On dit que pour connaître un homme, il suffit parfois de regarder ses dents et ses chaussures. Parce qu’elles disent tout. Elles ne mentent jamais. On peut aussi observer sa façon de conduire en voiture. Ou de marcher seul dans la rue. Au-delà, il s’agit de la manière dont tout un chacun se conduit face aux autres et à cette foule d’inconnus qu’est la société.
Vous me suivez?
Il y a dans cette conduite, en voiture ou à pied, une façon de prendre le pouvoir et de l’exercer sur les autres. Votre volant et vos pieds sont des révélateurs. Vous pouvez faire attention aux autres ou, au contraire, faire preuve du plus grand égoïsme.
Tous ces indicateurs, qui ne sont inclus dans aucun programme de développement humain, sont concentrés dans le fameux feu rouge/vert. La décision de rouler ou de marcher prend une importance capitale. Mais si le conducteur risque une amende quand il brûle un feu rouge, le piéton risque sa vie s’il brûle un feu vert.
Amusez-vous à mesurer le goût du risque et de l’aventure chez les uns et les autres. Derrière, vous pouvez déterminer tout un pan de leur personnalité.
Mais le vrai test en société s’appelle le passage piéton. Quand il existe, bien sûr.
Le passage piéton est la première chose qui s’efface quand la chaussée est usée par le temps: ça veut dire qu’il a été posé à la va-vite, n’importe comment. Et c’est la dernière chose que l’on repeint quand on réaménage la chaussée: ça veut dire que l’on y pense en dernier. C’est un vrai test de personnalité pour l’État, pour la ville, la commune. Qui ne sortent pas grandis de l’exercice.
En parlant de ville, Tanger est la seule (peut-être aussi certaines localités dans le Nord) où le respect du passage piéton est total. C’est un plaisir de marcher et surtout de travers les rues de cette cité, pourtant étroites et surchargées. C’est tellement rare que cela devient phénoménal. Comment expliquer l’exception tangéroise? Ce civisme phénoménal?
Faites l’expérience, mettez un pied sur le fameux passage, la voiture du Tangérois se fera un plaisir de freiner en crissant des pneus. Rien que pour vos beaux yeux. Pourquoi tant de politesse? Pourquoi ici seulement, et pas ailleurs dans le plus beau pays du monde?
S’il y a un hit-parade des villes, Casablanca arriverait certainement en queue du classement. C’est le cancre national. La traversée du passage piéton ressemble à un duel à distance entre la voiture et le marcheur.
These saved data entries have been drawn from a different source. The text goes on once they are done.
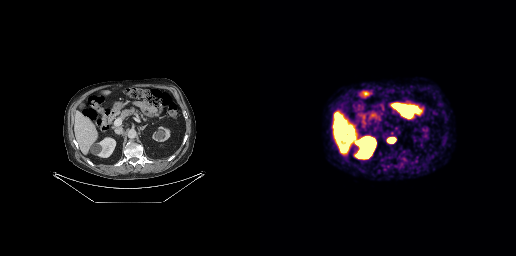
Two-panel axial: CT | PSMA PET, [18F]PSMA-1007 tracer. Acquired on GE Discovery 690. Slice position z = -541 mm. PET panel 256×256 px (2.7 mm/px). Coordinates are on the 256×256 PET (right) panel. PSMA-avid tumor lesion bounding box (x, y, width, height): x=127 y=137 w=10 h=7.
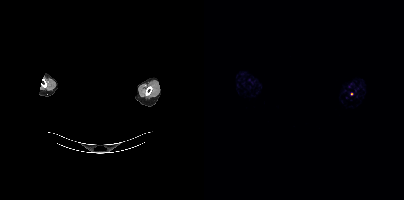
{"modality":"PSMA PET/CT","view":"axial","tracer":"68Ga-PSMA","pet_grid":[200,200],"coord_frame":"pet_panel","coord_format":"x0,y0,x1,y1","deidentification":"face masked with black rectangle","psma_avid_lesions":false}
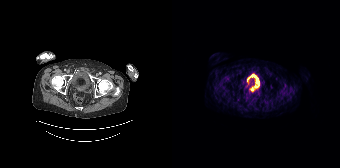
{"modality":"PSMA PET/CT","view":"axial","tracer":"68Ga-PSMA","pet_grid":[168,168],"coord_frame":"pet_panel","coord_format":"x0,y0,x1,y1","psma_avid_lesions":false}
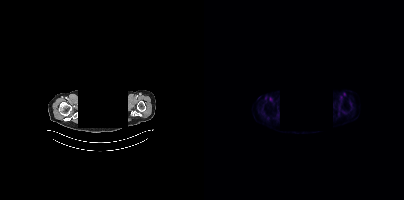
{"pet_grid":[200,200],"coord_frame":"pet_panel","coord_format":"x0,y0,x1,y1","psma_avid_lesions":false,"modality":"PSMA PET/CT","view":"axial","tracer":"[18F]PSMA-1007","redaction":"rectangular block over head set to black"}

Comme dans un bon vieux western spaghetti, l’affaire se règle aux regards. Duel psychologique. Les yeux dans les yeux. Un coup d’œil et pan! L’autre est immobilisé sur le sol…
Je vous parle de ces considérations terre à terre parce qu’un ami avocat m’a raconté une drôle d’affaire. Son client a été renversé par une voiture. Sur le passage piéton, dit-il. Non, prétend l’automobiliste. Les assureurs sont entrés en ligne. Il s’agit d’évaluer le montant du dédommagement. Qui varie selon le théâtre de l’accident: sur le passage piéton ou en dehors.
C’est comme un penalty en foot. Il faut convoquer le VAR pour savoir si la faute a été commise à l’intérieur ou à l’extérieur de la surface. La sanction change du tout au tout.
Oui, mais voilà. L’accident a eu lieu sur un passage piéton qui n’a pas été repeint depuis la fin des travaux. Pour la victime, il existe toujours. Pour le coupable, non. Pour la ville, il a été déplacé d’un endroit à un autre.
Alors, c’est la faute du piéton? Du conducteur? De la ville? Penalty ou pas penalty?